Sair na porrada com criaturas selvagens não pode faltar em RPGs táticos.

Além das personagens principais da sua party – aquelas que fazem parte do enredo – você também pode contratar mercenários nas guildas locais para lutar por você. Todos eles possuem classes mais genéricas e servem apenas como peões em batalhas, mas toda ajuda vale e você pode até customizar a aparência deles, o que é muito legal.

O modo de jogar é super intuitivo e até quem nunca jogou um RPG tático antes pega o jeito em instantes. Cada personagem possui seu turno de ação, no qual ele pode se locomover pelas células disponíveis (o que também é influenciado pelo relevo, mais uma cortesia de Final Fantasy Tactics), atacar um inimigo ou usar um item ou magia a seu favor. Assim como em FFT, a personagem ganha experiência por cada ação realizada e não no final de cada luta, então em quase todos os turnos você ganha XP e sobe de level no meio das batalhas.

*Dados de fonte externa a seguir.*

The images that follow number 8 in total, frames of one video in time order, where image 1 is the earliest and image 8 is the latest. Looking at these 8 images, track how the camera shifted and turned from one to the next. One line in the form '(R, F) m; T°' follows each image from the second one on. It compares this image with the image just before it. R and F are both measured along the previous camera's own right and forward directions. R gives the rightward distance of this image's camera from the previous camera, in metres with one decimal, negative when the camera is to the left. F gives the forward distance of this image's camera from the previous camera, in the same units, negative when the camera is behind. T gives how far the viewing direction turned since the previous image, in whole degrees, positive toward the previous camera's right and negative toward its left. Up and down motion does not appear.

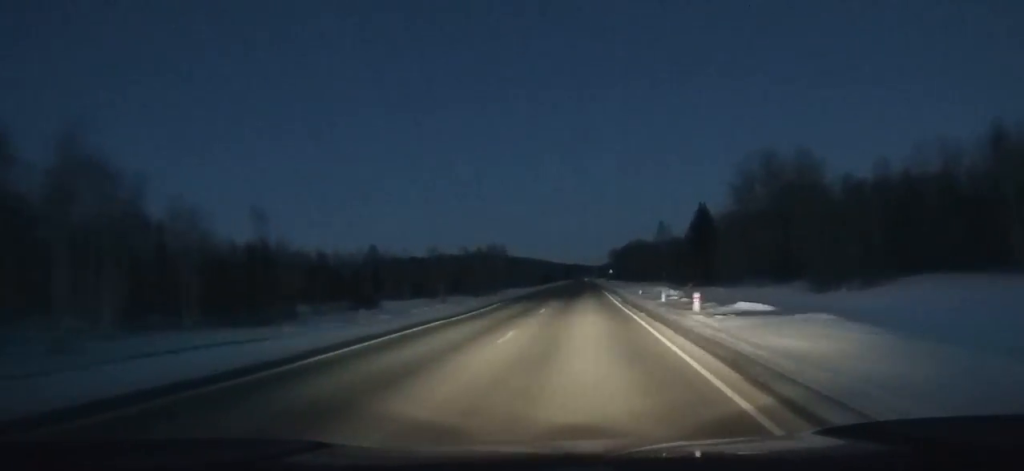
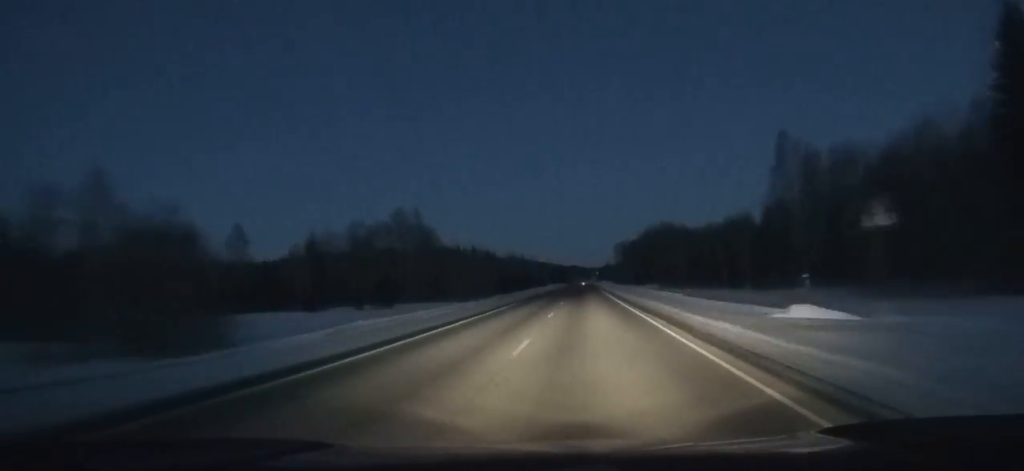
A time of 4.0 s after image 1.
(-0.4, +112.4) m; 0°
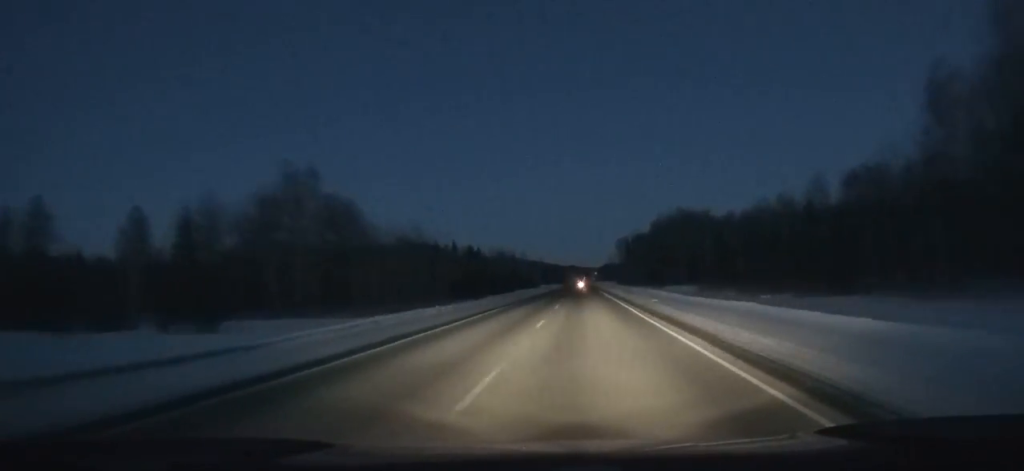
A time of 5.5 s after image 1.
(0.0, +42.3) m; 0°
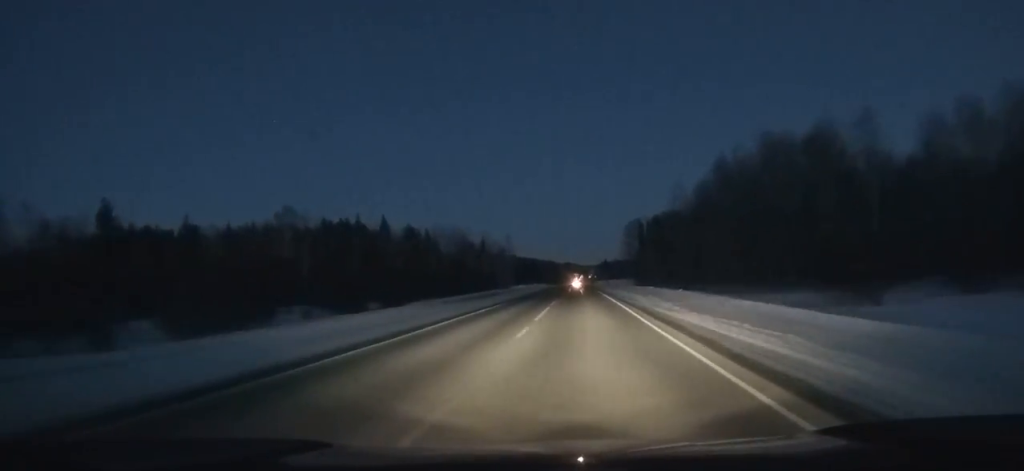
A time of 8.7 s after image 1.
(-0.1, +90.1) m; 0°
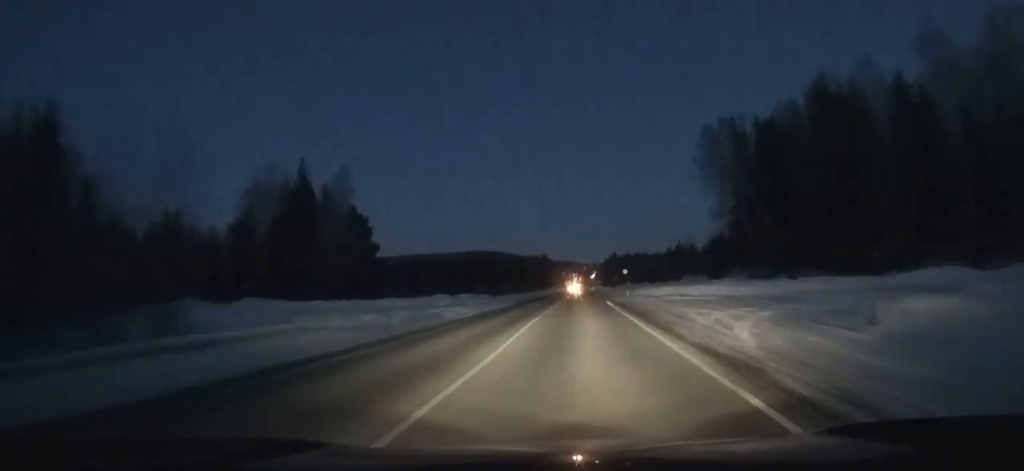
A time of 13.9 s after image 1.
(-0.1, +143.3) m; 0°
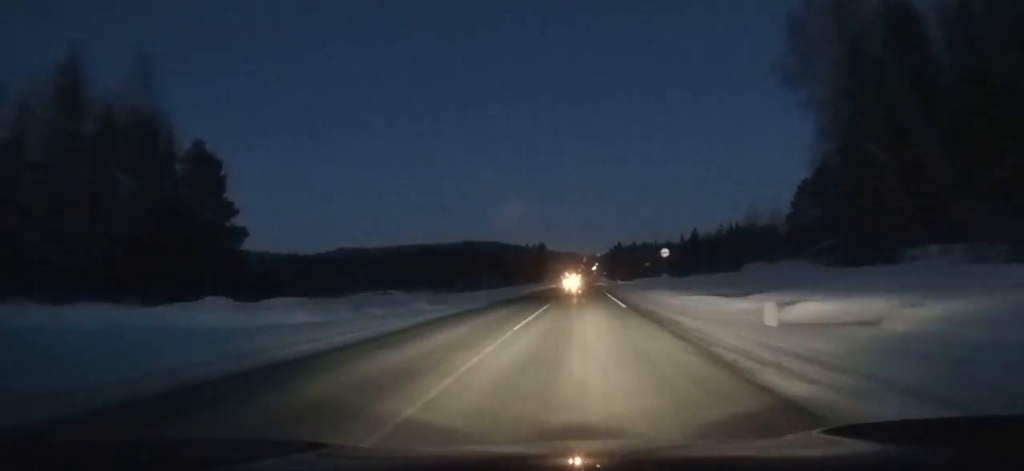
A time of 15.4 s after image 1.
(-0.1, +40.0) m; 0°
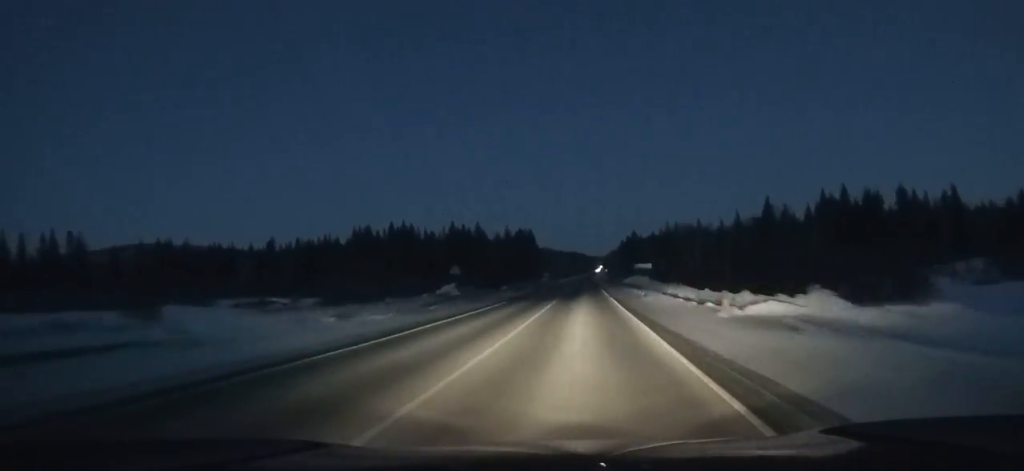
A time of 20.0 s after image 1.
(+0.7, +119.1) m; +1°
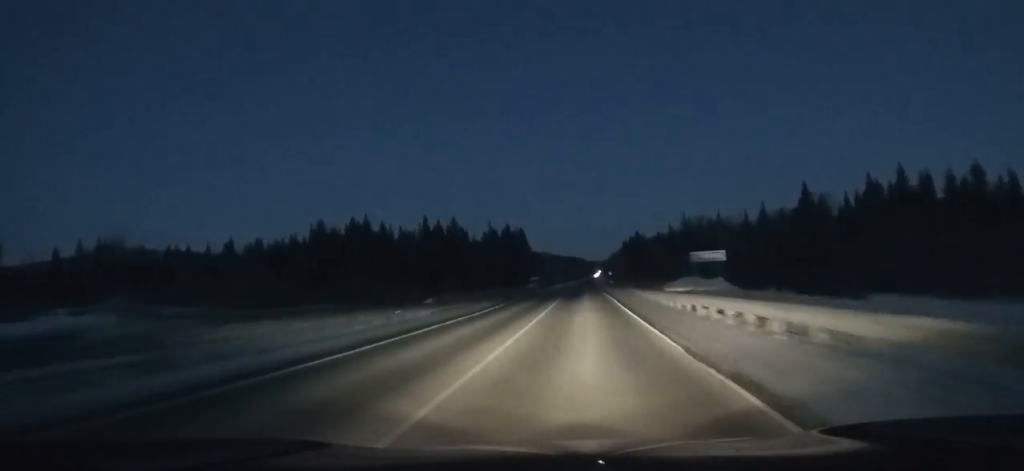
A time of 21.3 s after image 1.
(+0.1, +33.4) m; 0°

Várias batalhas também apresentam condições especiais que exigem mais estratégia, como, por exemplo, manter uma personagem posicionada sobre um alçapão para impedir que reforços inimigos cheguem ou alcançar baús espalhados pelo campo de batalha para garantir um loot extra. Não basta ser estrategista apenas no combate, tudo em Fell Seal exige estratégia.

As batalhas têm até MVP!

A customização não para na dificuldade e nas personagens genéricas, também se expandindo para as classes das personagens principais. Cada uma dispõe de mais de uma classe, cabendo a você escolher qual te apetece mais e ir desbloqueando novas habilidades naquela classe conforme ganha mais levels. É tudo bem simples de entender, mas são tantas funcionalidades que pode até te deixar meio perdido no começo – nada que umas horinhas de jogo não te faça acostumar.

Para coroar esse conjunto de características mais que nostálgicas, a trilha sonora também não deixa a desejar, com músicas instrumentais e empolgantes que carregam muito das faixas de Final Fantasy Tactics. De alguma forma, as músicas também se encaixam perfeitamente com todos aqueles cenários desenhados a mão e repletos de cores vivas, o que torna o jogo bem agradável de se jogar.

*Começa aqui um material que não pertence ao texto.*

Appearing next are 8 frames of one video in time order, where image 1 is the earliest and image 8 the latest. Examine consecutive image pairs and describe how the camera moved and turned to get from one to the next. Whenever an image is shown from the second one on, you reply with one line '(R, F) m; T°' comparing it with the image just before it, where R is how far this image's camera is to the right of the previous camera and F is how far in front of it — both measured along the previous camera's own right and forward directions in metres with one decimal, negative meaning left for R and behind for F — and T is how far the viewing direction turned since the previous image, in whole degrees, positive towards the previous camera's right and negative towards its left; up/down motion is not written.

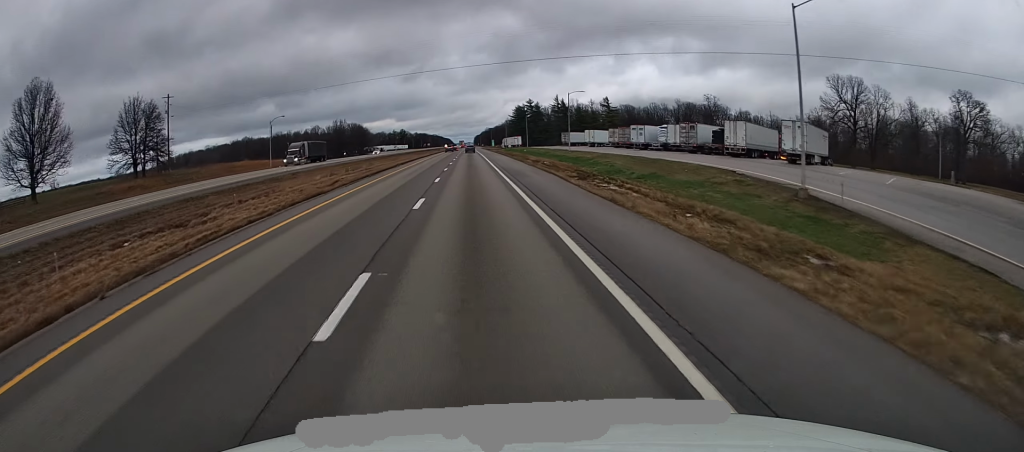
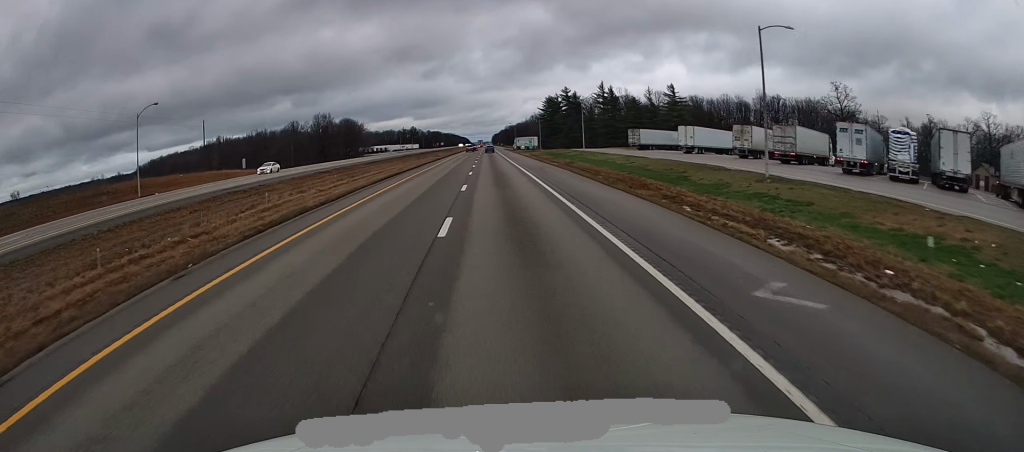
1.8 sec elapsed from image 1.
(+0.3, +54.1) m; 0°
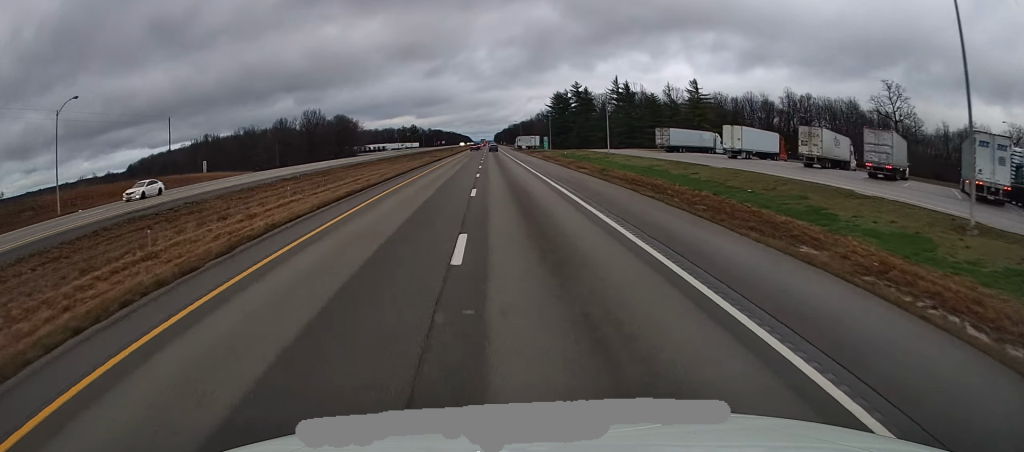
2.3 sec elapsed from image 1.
(-0.3, +15.3) m; 0°
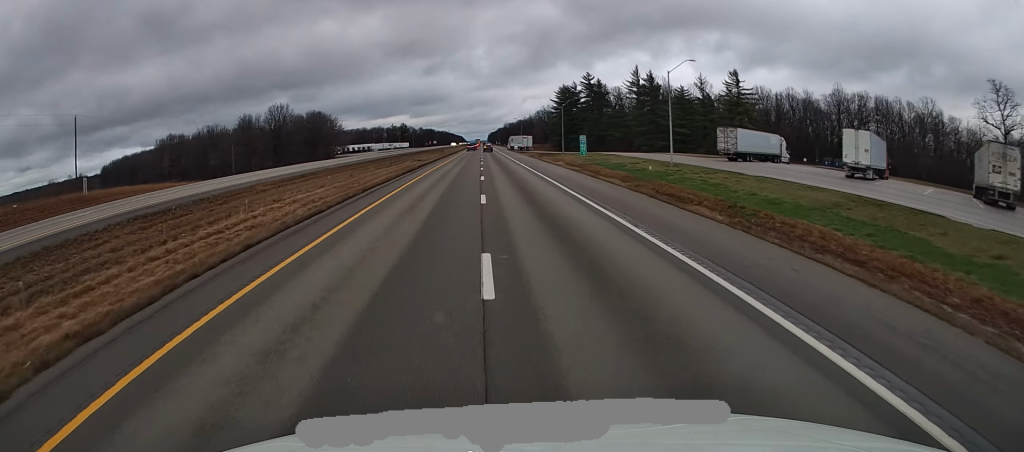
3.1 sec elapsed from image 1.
(+0.1, +26.5) m; 0°
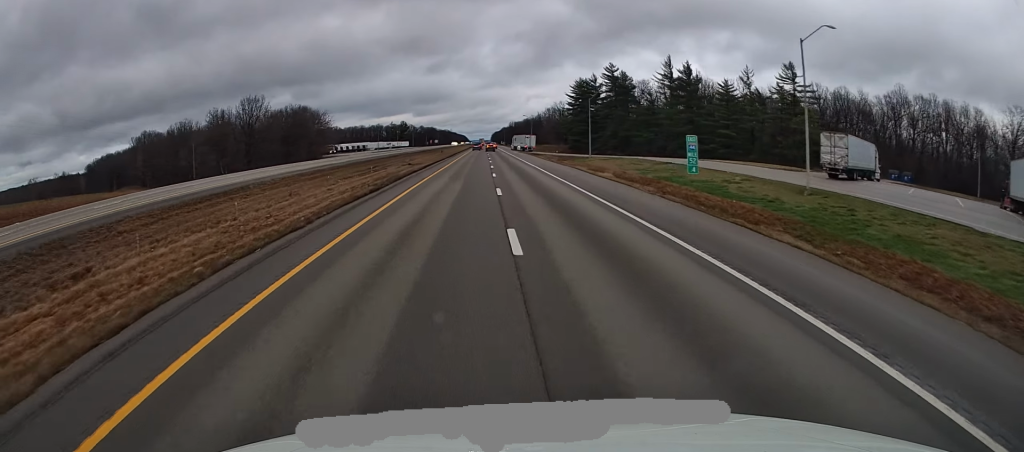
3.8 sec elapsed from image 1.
(+0.2, +21.4) m; 0°
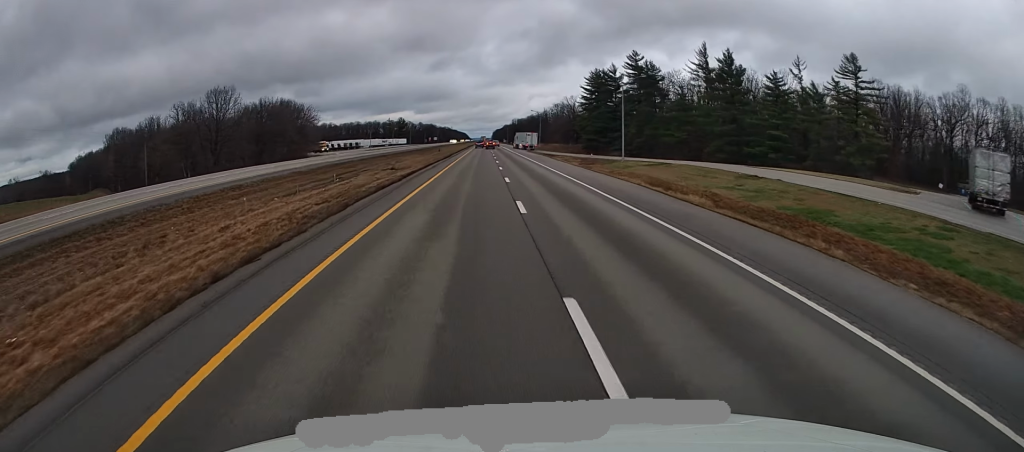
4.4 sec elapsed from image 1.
(-0.2, +18.4) m; -1°
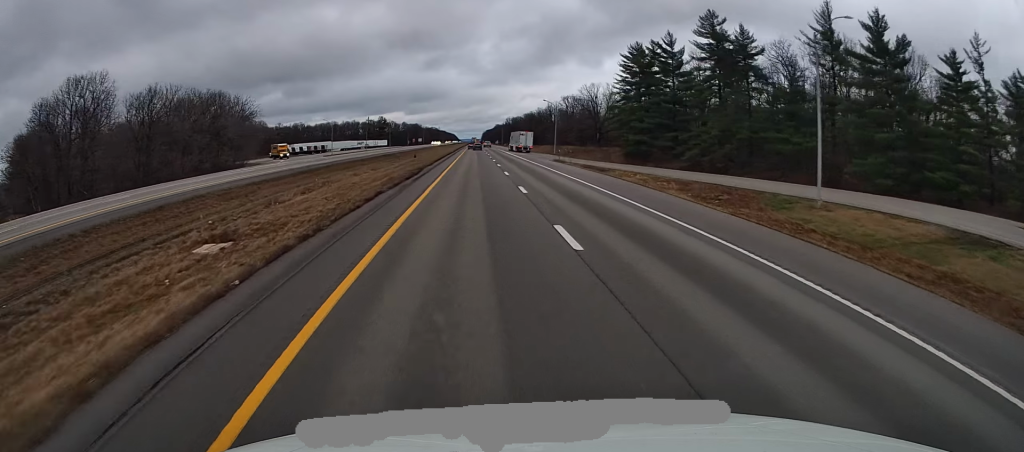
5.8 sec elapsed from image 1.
(-0.7, +41.8) m; 0°
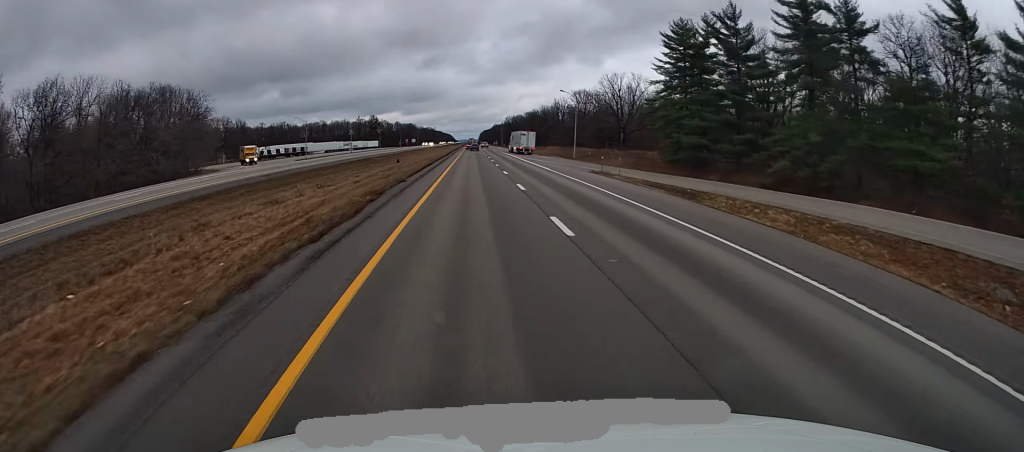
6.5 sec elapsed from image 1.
(+0.5, +22.5) m; +1°

Fell Seal: Arbiter’s Mark é uma surpresa das boas. Não dá para esperar muita coisa dele nos momentos iniciais, mas quanto mais se joga, mais difícil se torna parar de jogar. Com uma história surpreendentemente interessante e um gameplay muito divertido, todo amante de RPG tático deveria dar uma chance, afinal, falo com tranquilidade que é um dos melhores indies que joguei este ano.